Yurok fishermen ply the waters of the Klamath estuary for fall Chinook salmon near Requa, Calif. - Photo Credit: USFWS Matt Baun

By Matt Baun, Public Affairs

Ten years ago the Klamath River experienced one of the largest adult salmon die-offs in the nation’s history. The year in question was 2002 and the event had a tremendous impact on a number of communities in the Klamath Basin, especially those who rely on the Klamath for their livelihoods.

The run of Chinook salmon this year in the Klamath is believed to be up to three to four times greater than what occurred in 2002. The sheer number of fish and the always-challenging water management issues in the Klamath Basin brought natural resources managers together to figure out strategies to avert another disastrous salmon die-off event.

The U.S. Fish and Wildlife Service (Service), Bureau of Reclamation, California Department of Fish and Game, North Coast Regional Water Quality Control Board, National Marine Fisheries Service and the Yurok, Hoopa Valley and Karuk tribes have been actively engaged in these efforts since early summer.

These agencies and Tribes are active in a local group known as the Klamath Fish Health Assessment Team. The team was created during the summer of 2003 with the purpose of providing early warning and a coordinated response effort to avoid, or at least address, a fish kill event in the anadromous portion of the Klamath River Basin.

Through this team, the Service and its tribal partners from the Yurok, Hoopa Valley and Karuk Tribe, as well as other federal and state agencies, have coordinated strategies that resulted in increased monitoring throughout the summer and fall.
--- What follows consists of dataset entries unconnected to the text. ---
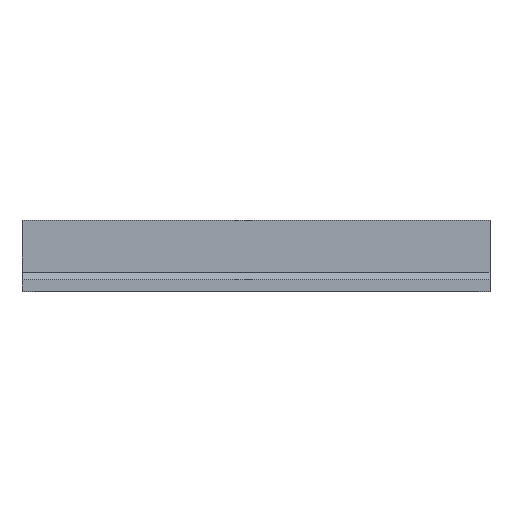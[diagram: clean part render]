
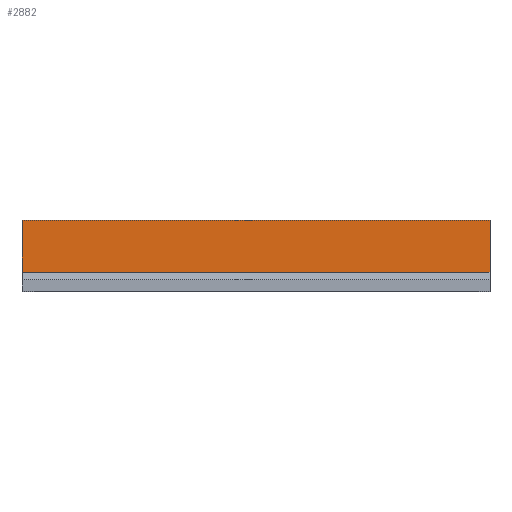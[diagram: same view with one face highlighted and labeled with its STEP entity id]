
A CAD part, top view. The second image highlights one B-rep face of the part: STEP entity #2882.
In plain terms, the highlighted free-form (B-spline) face has degree [1, 1] with [2, 2] control points.
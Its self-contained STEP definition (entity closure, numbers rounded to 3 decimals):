
#1496=CARTESIAN_POINT('',(-0.824,-223.309,567.05));
#1497=VERTEX_POINT('',#1496);
#1505=CARTESIAN_POINT('',(-0.824,-202.797,567.05));
#1506=VERTEX_POINT('',#1505);
#1507=CARTESIAN_POINT('',(-0.824,-202.797,567.05));
#1508=CARTESIAN_POINT('',(-0.824,-209.634,567.05));
#1509=CARTESIAN_POINT('',(-0.824,-216.471,567.05));
#1510=CARTESIAN_POINT('',(-0.824,-223.309,567.05));
#1511=B_SPLINE_CURVE_WITH_KNOTS('',3,(#1507,#1508,#1509,#1510),.UNSPECIFIED.,.F.,.F.,(4,4),(0.,0.021),.UNSPECIFIED.);
#1512=EDGE_CURVE('',#1506,#1497,#1511,.T.);
#2642=CARTESIAN_POINT('',(184.235,-202.797,567.05));
#2643=VERTEX_POINT('',#2642);
#2644=CARTESIAN_POINT('',(184.235,-202.797,567.05));
#2645=CARTESIAN_POINT('',(122.549,-202.797,567.05));
#2646=CARTESIAN_POINT('',(60.862,-202.797,567.05));
#2647=CARTESIAN_POINT('',(-0.824,-202.797,567.05));
#2648=B_SPLINE_CURVE_WITH_KNOTS('',3,(#2644,#2645,#2646,#2647),.UNSPECIFIED.,.F.,.F.,(4,4),(0.74,0.925),.UNSPECIFIED.);
#2649=EDGE_CURVE('',#2643,#1506,#2648,.T.);
#2857=CARTESIAN_POINT('',(-0.824,-202.797,567.05));
#2858=CARTESIAN_POINT('',(184.235,-202.797,567.05));
#2859=CARTESIAN_POINT('',(-0.824,-223.309,567.05));
#2860=CARTESIAN_POINT('',(184.235,-223.309,567.05));
#2861=B_SPLINE_SURFACE_WITH_KNOTS('',1,1,((#2857,#2858),(#2859,#2860)),.UNSPECIFIED.,.F.,.F.,.U.,(2,2),(2,2),(0.,1.),(0.,1.),.UNSPECIFIED.);
#2862=CARTESIAN_POINT('',(184.235,-223.309,567.05));
#2863=VERTEX_POINT('',#2862);
#2864=CARTESIAN_POINT('',(-0.824,-223.309,567.05));
#2865=CARTESIAN_POINT('',(60.862,-223.309,567.05));
#2866=CARTESIAN_POINT('',(122.549,-223.309,567.05));
#2867=CARTESIAN_POINT('',(184.235,-223.309,567.05));
#2868=B_SPLINE_CURVE_WITH_KNOTS('',3,(#2864,#2865,#2866,#2867),.UNSPECIFIED.,.F.,.F.,(4,4),(0.,1.),.UNSPECIFIED.);
#2869=EDGE_CURVE('',#1497,#2863,#2868,.T.);
#2870=ORIENTED_EDGE('',*,*,#2869,.T.);
#2871=CARTESIAN_POINT('',(184.235,-202.797,567.05));
#2872=CARTESIAN_POINT('',(184.235,-209.634,567.05));
#2873=CARTESIAN_POINT('',(184.235,-216.471,567.05));
#2874=CARTESIAN_POINT('',(184.235,-223.309,567.05));
#2875=B_SPLINE_CURVE_WITH_KNOTS('',3,(#2871,#2872,#2873,#2874),.UNSPECIFIED.,.F.,.F.,(4,4),(0.082,0.103),.UNSPECIFIED.);
#2876=EDGE_CURVE('',#2643,#2863,#2875,.T.);
#2877=ORIENTED_EDGE('',*,*,#2876,.F.);
#2878=ORIENTED_EDGE('',*,*,#2649,.T.);
#2879=ORIENTED_EDGE('',*,*,#1512,.T.);
#2880=EDGE_LOOP('',(#2870,#2877,#2878,#2879));
#2881=FACE_BOUND('',#2880,.T.);
#2882=ADVANCED_FACE('',(#2881),#2861,.T.);
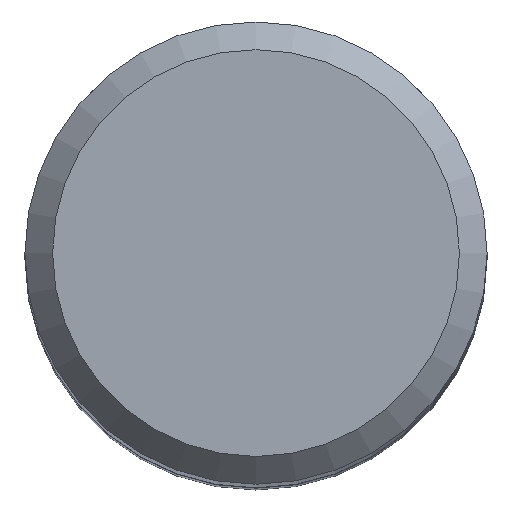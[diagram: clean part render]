
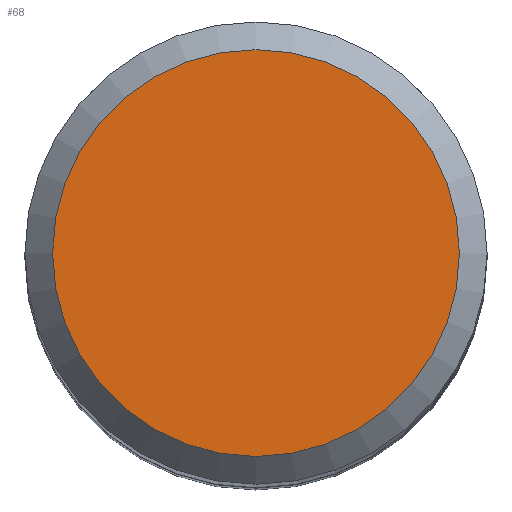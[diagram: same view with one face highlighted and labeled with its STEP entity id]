
A CAD part, top view. The second image highlights one B-rep face of the part: STEP entity #68.
In plain terms, the highlighted planar face has unit normal (0, 0, 1).
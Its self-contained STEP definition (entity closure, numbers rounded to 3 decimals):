
#42=PLANE('',#273);
#49=FACE_OUTER_BOUND('',#123,.T.);
#68=ADVANCED_FACE('',(#49),#42,.F.);
#123=EDGE_LOOP('',(#152));
#152=ORIENTED_EDGE('',*,*,#196,.T.);
#181=VERTEX_POINT('',#408);
#196=EDGE_CURVE('',#181,#181,#209,.T.);
#209=CIRCLE('',#272,4.4);
#272=AXIS2_PLACEMENT_3D('',#407,#326,#327);
#273=AXIS2_PLACEMENT_3D('',#409,#328,#329);
#326=DIRECTION('',(0.,0.,1.));
#327=DIRECTION('',(-1.,0.,0.));
#328=DIRECTION('',(0.,0.,-1.));
#329=DIRECTION('',(-1.,0.,0.));
#407=CARTESIAN_POINT('',(0.,0.,0.));
#408=CARTESIAN_POINT('',(-4.4,0.,0.));
#409=CARTESIAN_POINT('',(0.,5.,0.));
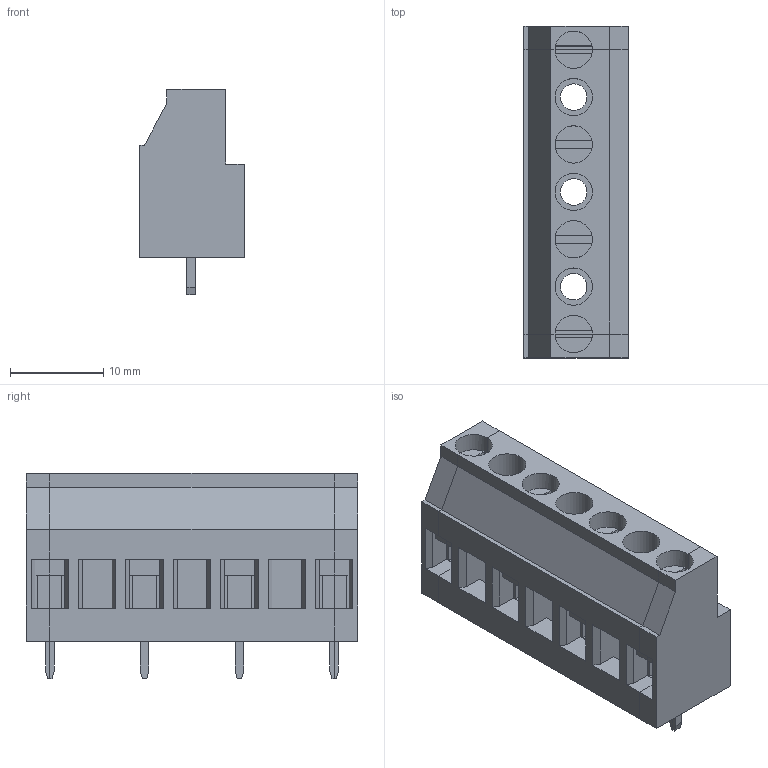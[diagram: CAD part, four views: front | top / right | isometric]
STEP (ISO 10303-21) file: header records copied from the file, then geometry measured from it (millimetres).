
FILE_DESCRIPTION( ( 'Unknown' ), '1' );
FILE_NAME( '691244610004.stp', 'Unknown', ( 'Unknown' ), ( 'Unknown' ), 'PSStep 18.0.17', 'Unknown', ' ' );
FILE_SCHEMA( ( 'AUTOMOTIVE_DESIGN { 1 0 10303 214 1 1 1 1 }' ) );
Length unit declared in the file: millimetre
Products named in the file (4): Assem1; MRT15P10.16_DX; MRT15P10.16_SX; 691244610004
Assembly tree (3 placements, depth 2):
  Assem1
    MRT15P10.16_DX
    MRT15P10.16_SX
    691244610004
Bounding box: 11.2 x 35.56 x 22 mm (x, y, z)
Volume: 4696.1 mm3; surface area: 4382 mm2
Topology: 3 solids, 3 shells, 212 faces, 591 edges, 394 vertices
Faces by surface type: plane 200, cylinder 12
Full cylindrical faces by diameter (mm): 2.85 x3, 4 x5
Entity records: 8425 total; most frequent: CARTESIAN_POINT 1189, ORIENTED_EDGE 1162, DIRECTION 1051, EDGE_CURVE 581, LINE 543, VECTOR 543, VERTEX_POINT 392, AXIS2_PLACEMENT_3D 254

Protocols for emergency response to fish mortality have been developed; phone trees and inventories of emergency response equipment such as jet boats, radios, and GPS units have been identified so these resources can be pooled and used most effectively in the event of a fish-kill.

Many members of this team as well as others also participated in a fish-kill investigation course that was held in mid-July in Arcata, Calif. The Service’s Arcata Fish and Wildlife Office , California-Nevada Fish Health Center and the National Conservation Training Center teamed up with the University of Houston-Clear Lake to sponsor this intensive three-day course.

Featuring a mix of classroom and field exercises, including a mock fish kill, instruction was provided by Dr. Scott Foott, Director of the California-Nevada Fish Health Center and Dr. George Guillen of the University of Houston-Clear Lake, who himself was with the Arcata FWO during the 2002 Klamath die-off.

Dr. Guillen noted that the course provided essential skills for first-responders and investigators such as estimation of numbers and types of fish killed, determination of cause, and presentation of legally and scientifically defensible results.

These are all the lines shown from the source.